● **EXERCISE MATERIAL**:
------
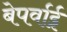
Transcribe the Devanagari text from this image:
बेपर्वाई
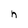
Character: h
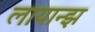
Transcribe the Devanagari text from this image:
लायान्झ
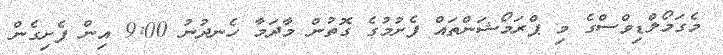
މެގަމޯލްޑިވްސްގެ މި ޕްރަމޯޝަންތައް ފެށުމުގެ ގޮތުން މާދަމާ ހެނދުނު 9:00 އިން ފެށިގެން
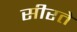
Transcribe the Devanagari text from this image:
सीरते
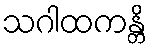
သဂါထကန္တိ
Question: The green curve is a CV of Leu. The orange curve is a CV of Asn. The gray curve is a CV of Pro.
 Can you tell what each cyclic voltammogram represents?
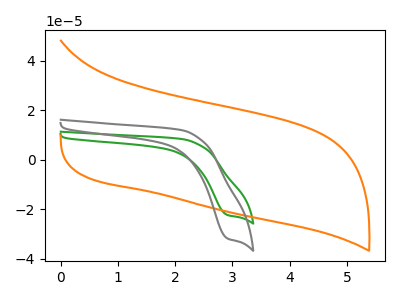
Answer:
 <answer>The green curve is labeled "Leu". The orange curve is labeled "Asn". The gray curve is labeled "Pro".</answer>
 <eval></eval>
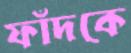
ফাঁদকে
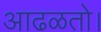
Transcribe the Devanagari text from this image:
आढळतो।
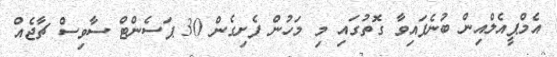
އެމްޕީއެލްއިން ބުނެފައިވާ ގޮތުގައި މި މަހުން ފެށިގެން 30 ޕަސެންޓް ސާވިސް ޗާޖެއް
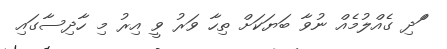
ްަދި ގެއްލުމެއް ނުވާ ބަޔަކަށް ތިހާ ވަރު ވީ އިރު މި ހާދިސާގައި
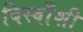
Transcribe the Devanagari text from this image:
बिस्वाँशी
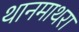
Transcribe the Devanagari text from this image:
थानमाथरा
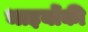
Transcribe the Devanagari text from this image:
भाइयोंकी
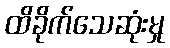
ထိခိုက်သေဆုံးမှု
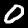
Digit: 0
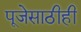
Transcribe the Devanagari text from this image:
पूजेसाठीही
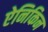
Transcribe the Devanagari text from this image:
ऐनिकिन
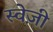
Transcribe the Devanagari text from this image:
स्वेज़ी
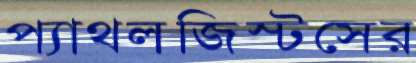
প্যাথলজিস্টসের
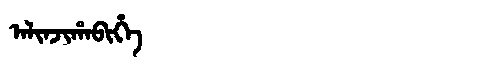
Manchu: ᠠᠯᡳᠨᠵᡳᡥᠠᠪᡳᡥᡝ
Romanization: ALINJIHABIHE
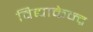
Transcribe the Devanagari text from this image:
विद्याकेन्द्र
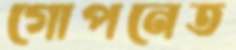
গোপনেত
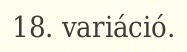
18. variáció.
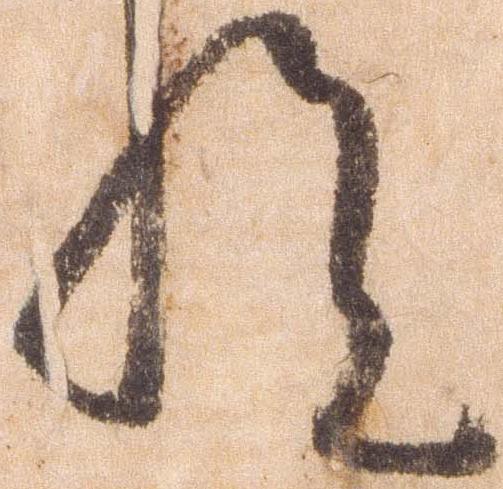
悦
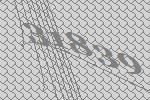
31839
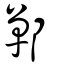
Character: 鄲
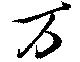
万
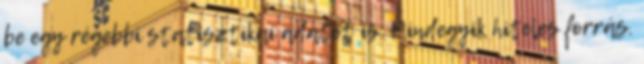
be egy régebbi statisztikai adatot is. Mindegyik hiteles forrás.
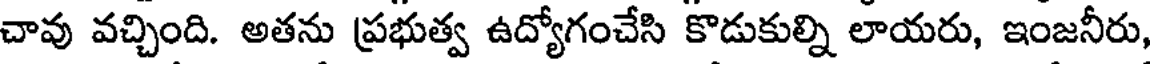
చావు వచ్చింది. అతను ప్రభుత్వ ఉద్యోగంచేసి కొడుకుల్ని లాయరు, ఇంజనీరు,
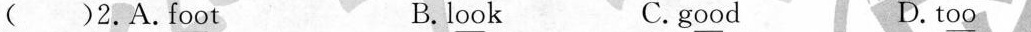
( )2.f\underline{oo}t B.l\underline{oo}k C.g\underline{oo}d D.t\underline{oo}
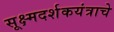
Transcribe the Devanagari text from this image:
सूक्ष्मदर्शकयंत्राचे
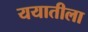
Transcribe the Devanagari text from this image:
ययातीला
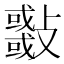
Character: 𣀨
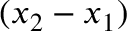
( x _ { 2 } - x _ { 1 } )
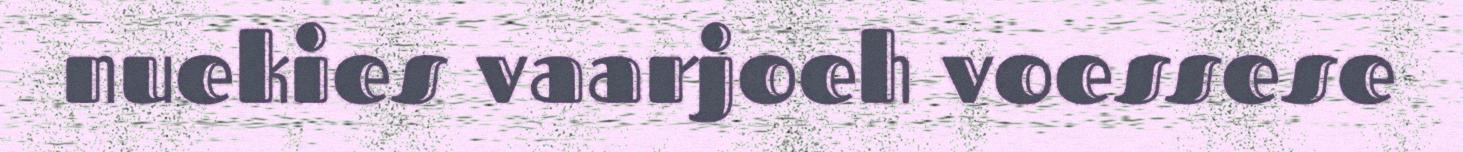
nuekies vaarjoeh voessese
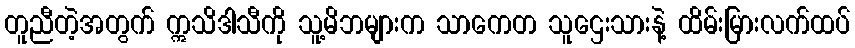
တူညီတဲ့အတွက် ဣသိဒါသီကို သူ့မိဘများက သာကေတ သူဌေးသားနဲ့ ထိမ်းမြားလက်ထပ်
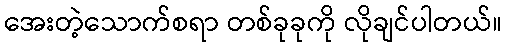
အေးတဲ့သောက်စရာ တစ်ခုခုကို လိုချင်ပါတယ်။
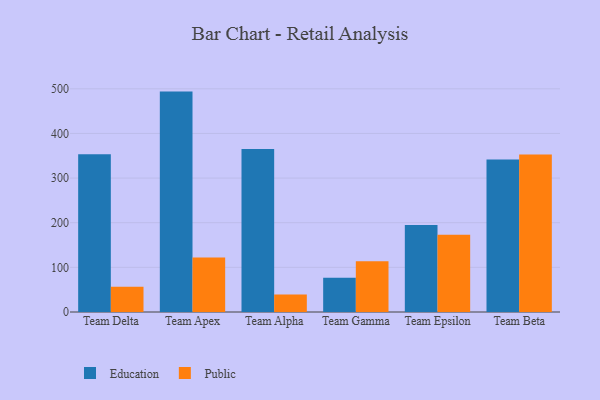
{"axis": {"x": "Team", "y": "Energy Usage (MWh)"}, "legend": ["Education", "Public"], "data": [{"x": "Team Delta", "y": 353.4, "type": "Education"}, {"x": "Team Delta", "y": 56.6, "type": "Public"}, {"x": "Team Apex", "y": 493.7, "type": "Education"}, {"x": "Team Apex", "y": 121.9, "type": "Public"}, {"x": "Team Alpha", "y": 364.9, "type": "Education"}, {"x": "Team Alpha", "y": 39.1, "type": "Public"}, {"x": "Team Gamma", "y": 76.7, "type": "Education"}, {"x": "Team Gamma", "y": 113.5, "type": "Public"}, {"x": "Team Epsilon", "y": 194.7, "type": "Education"}, {"x": "Team Epsilon", "y": 173.2, "type": "Public"}, {"x": "Team Beta", "y": 341.7, "type": "Education"}, {"x": "Team Beta", "y": 353.0, "type": "Public"}]}
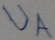
Text: UA
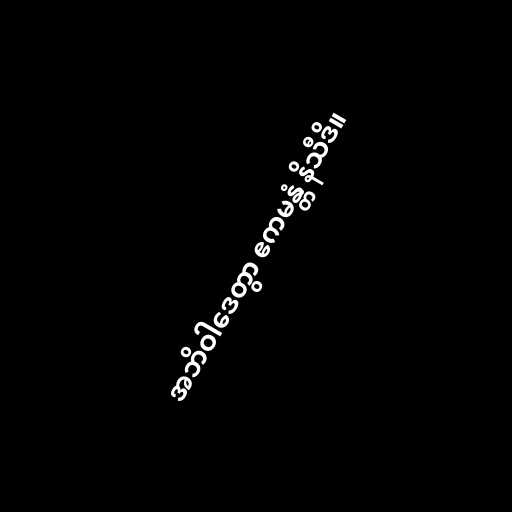
အဘိဝါဒေတွာ ဧကမန္တံ နိသီဒိ။
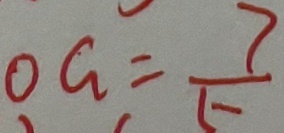
O G = \frac { 7 } { 5 }
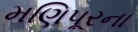
મણિપૂરના
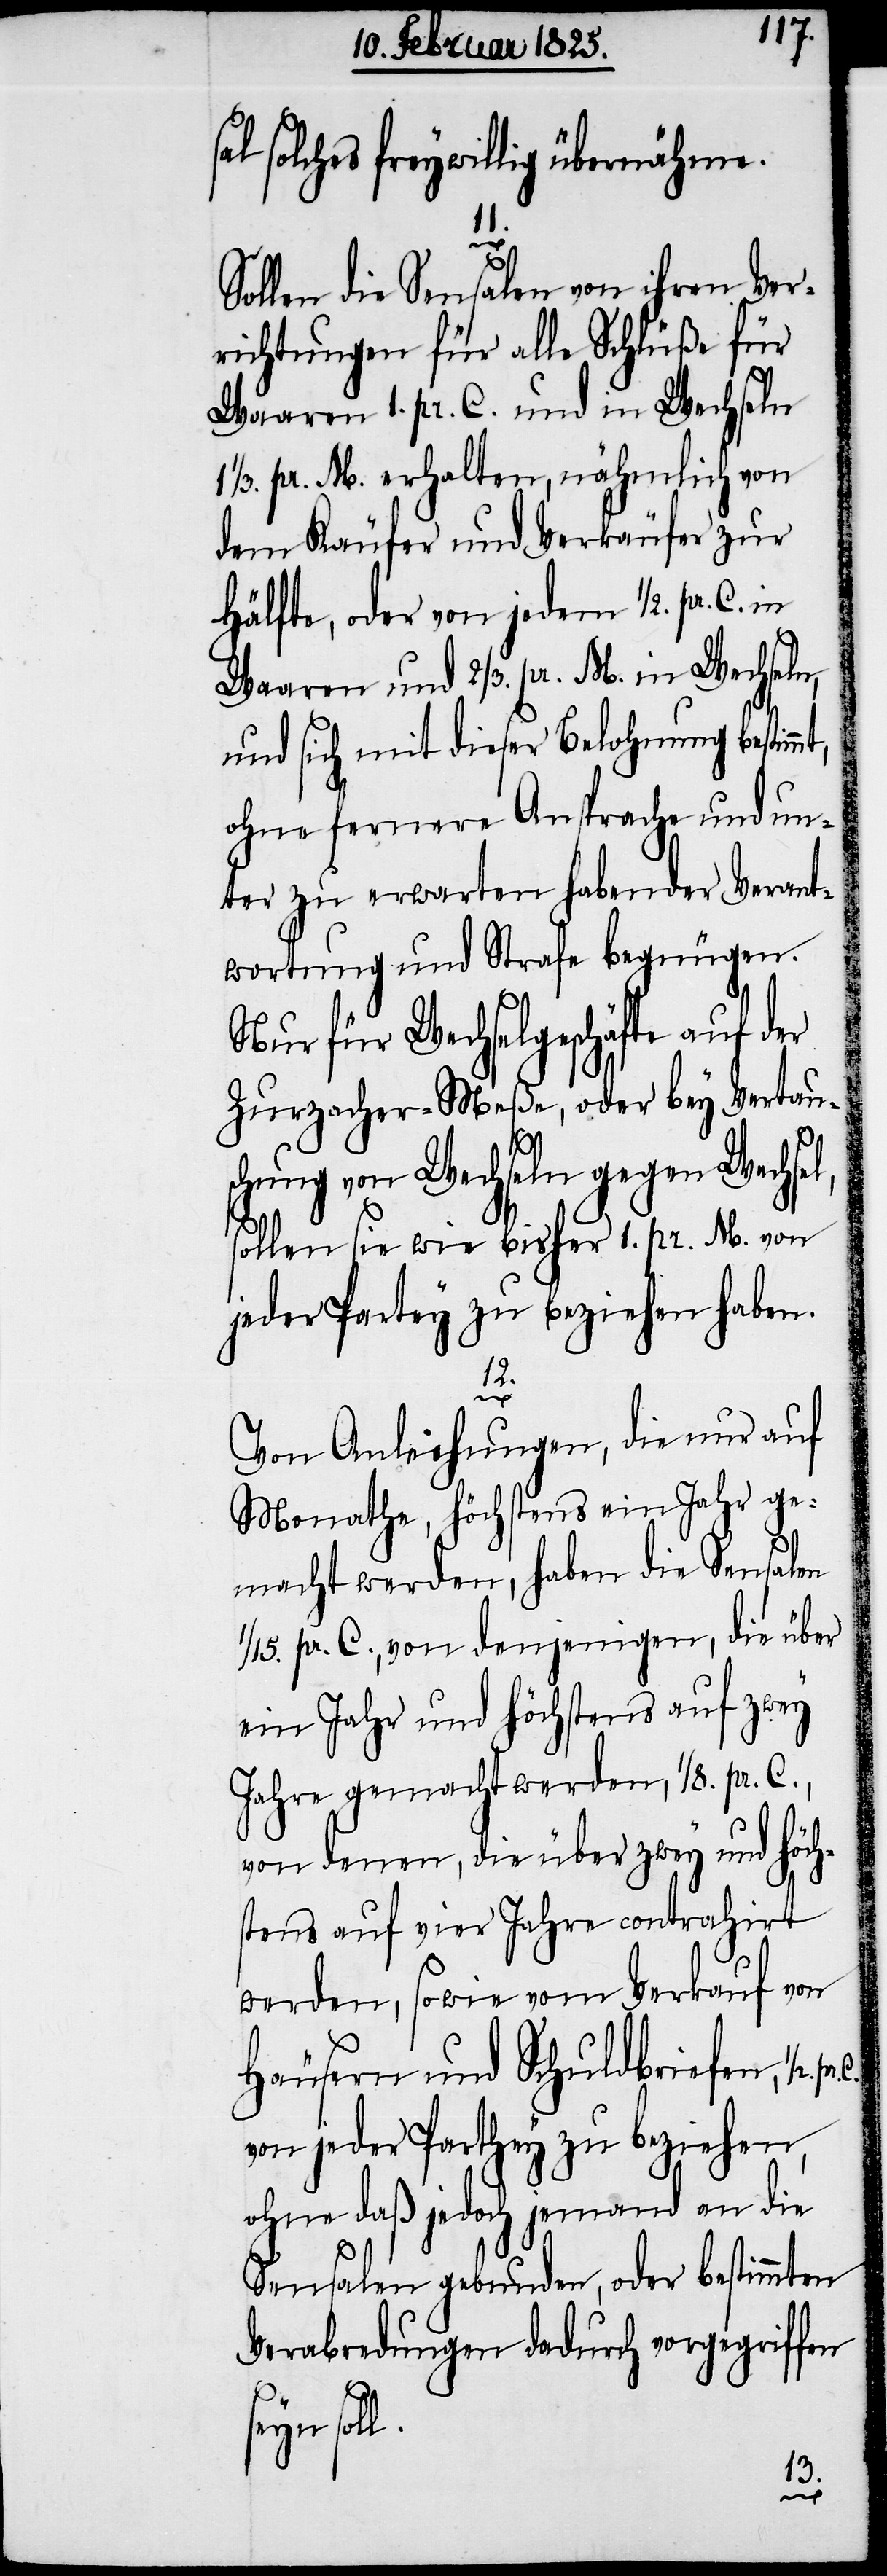
solches freywillig übernähme.
11.
Sollen die Sensalen von ihren Ver¬
richtungen für alle Schlüße für
Waaren 1. pr. C. und in Wechseln
1/3. pr. M. erhalten, nähmlich von
dem Käufer und Verkäufer zur
Hälfte, oder von jedem 1/2. pr. C.
Waaren und 2/3. pr. M. in Wechseln,
und sich mit dieser Belohnung bestim¬
ohne fernere Ansprache und un¬
ter zu erwarten habender Verant¬
wortung und Strafe begnügen.
Nur für Wechselgeschäfte auf der
Zurzacher-Meße, oder bey Vertau¬
schung von Wechseln gegen Wechsel,
sollen sie wie bisher 1. pr. M. von
jeder Partey zu beziehen haben.
12.
C.
Von Anleihungen, die nur auf
Monathe, höchstens ein Jahr ge¬
macht werden, haben die Sensalen
1/15. or. C., von denjenigen, die über
ein Jahr und höchstens auf zwey
Jahre gemacht werden, 1/8. pr. C.,
von denen, die über zwey und höchs¬
tens auf vier Jahre contrahirt
werden, sowie vom Verkauf von
Häusern und Schuldbriefen, 1/2.
von jeder Parthey zu beziehen,
ohne daß jedoch jemand an die
Sensalen gebunden, oder bestimmten
Verabredungen dadurch vorgegriffen
seyn sol¬
l.
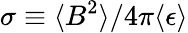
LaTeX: \sigma\equiv\langle B^{2}\rangle/4\pi\langle\epsilon\rangle
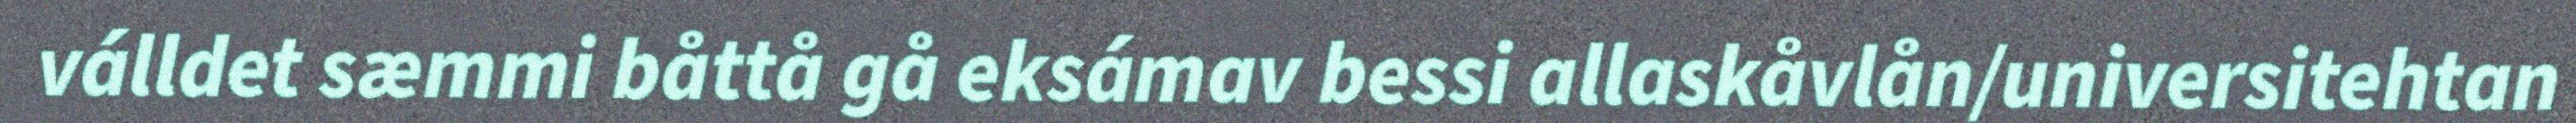
válldet sæmmi båttå gå eksámav bessi allaskåvlån/universitehtan
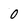
Character: 0
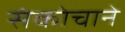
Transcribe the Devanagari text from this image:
संकोचाने
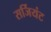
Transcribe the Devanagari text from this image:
सर्जियंट
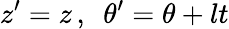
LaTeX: z^{\prime}=z\, ,\ \ \theta^{\prime}=\theta+lt
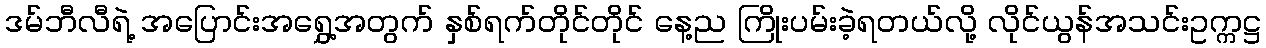
ဒမ်ဘီလီရဲ့ အပြောင်းအရွှေ့အတွက် နှစ်ရက်တိုင်တိုင် နေ့ည ကြိုးပမ်းခဲ့ရတယ်လို့ လိုင်ယွန်အသင်းဥက္ကဋ္ဌ
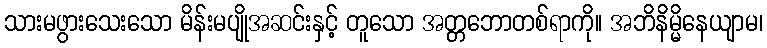
သားမဖွားသေးသော မိန်းမပျိုအဆင်းနှင့် တူသော အတ္တဘောတစ်ရာကို။ အဘိနိမ္မိနေယျာမ၊
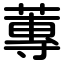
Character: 蓴
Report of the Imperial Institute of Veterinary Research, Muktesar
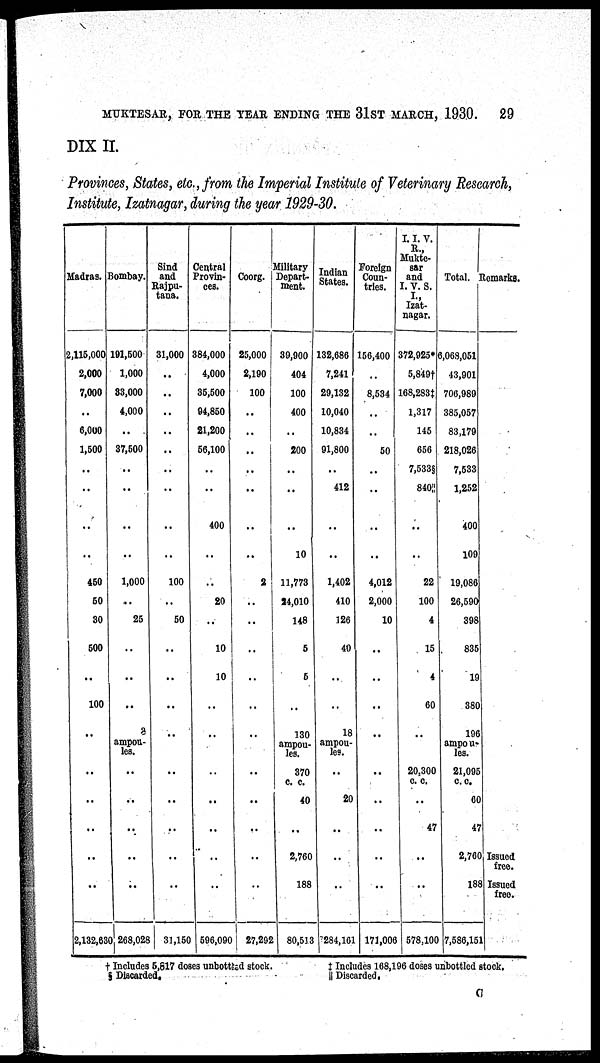
MUKTESAR, FOR THE YEAR ENDING THE 31ST MARCH, 1930.
29
DIX II.
Provinces, States, etc., from the Imperial Institute of Veterinary Research,
Institute, Izatnagar, during the year 1929-30.
Madras.
2,115,000
2,000
7,000
..
6,000
1,500
..
..
..
..
450
50
30
500
..
100
..
..
..
..
..
..
..
2,132,630
Bombay.
191,500
1,000
33,000
4,000
..
37,500
..
..
..
..
1,000
..
25
..
..
..
3
ampou-
les.
..
..
..
..
..
268,028
Sind
and
Rajpu¬
tana.
31,000
..
..
..
..
..
..
..
..
..
100
..
50
..
..
..
..
..
..
..
..
..
..
31,150
Central
Provin-
ces.
384,000
4,000
35,500
94,850
21,200
56,100
..
400
..
..
20
..
10
10
..
..
..
..
..
..
..
..
596,090
Coorg.
25,000
2,190
100
..
..
..
...
..
..
..
2
..
..
..
..
..
..
..
..
..
..
...
..
27,292
Military
Depart-
ment.
39,900
404
100
400
..
200
..
..
..
10
11,773
24,010
148
5
5
..
130
ampou-
les.
370
c. c.
40
..
2,760
188
80,513
Indian
States.
132,686
7,241
29,132
10,040
10,834
91,800
..
412
..
..
1,402
410
126
40
..
..
18
ampou-
les.
..
20
..
..
..
284,161
Foreign
Coun-
tries.
156,400
8,534
..
..
50
...
..
..
4,012
2,000
10
..
..
..
..
..
..
..
171,006
I. I. V.
R.,
Mukte¬
sar
and
I. V. S.
I.,
Izat-
nagar.
372,925*
5,849†
168,283‡
1,317
145
656
7,533§
840
22
100
4
15
4
60
..
..
20,300
c. c.
..
47
578,100
Total.
6,068,051
43,901
706,989
385,057
83,179
218,026
7,533
1,252
400
109
19,086
26,590
398
835
19
380
196
ampou-
les.
21,095
c. c.
60
47
2,760
188
7,586,151
Remarks.
Issued
free.
Issued
free.
† Includes 5,617 doses unbottled stock
‡
Includes 168,196 doses unbottled stock,
§ Discarded,
|| Discarded,
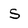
------
● **ACTIVITY**:
Please write out only the material above, exactly, from its first line through the line that contains "Can you tell", and include no pictures.

● **WRITTEN ANSWER**:
Transcribe the Devanagari text from this image:
बेपर्वाई
Character: h
Transcribe the Devanagari text from this image:
लायान्झ
މެގަމޯލްޑިވްސްގެ މި ޕްރަމޯޝަންތައް ފެށުމުގެ ގޮތުން މާދަމާ ހެނދުނު 9:00 އިން ފެށިގެން
Transcribe the Devanagari text from this image:
सीरते
သဂါထကန္တိ
Question: The green curve is a CV of Leu. The orange curve is a CV of Asn. The gray curve is a CV of Pro.
 Can you tell what each cyclic voltammogram represents?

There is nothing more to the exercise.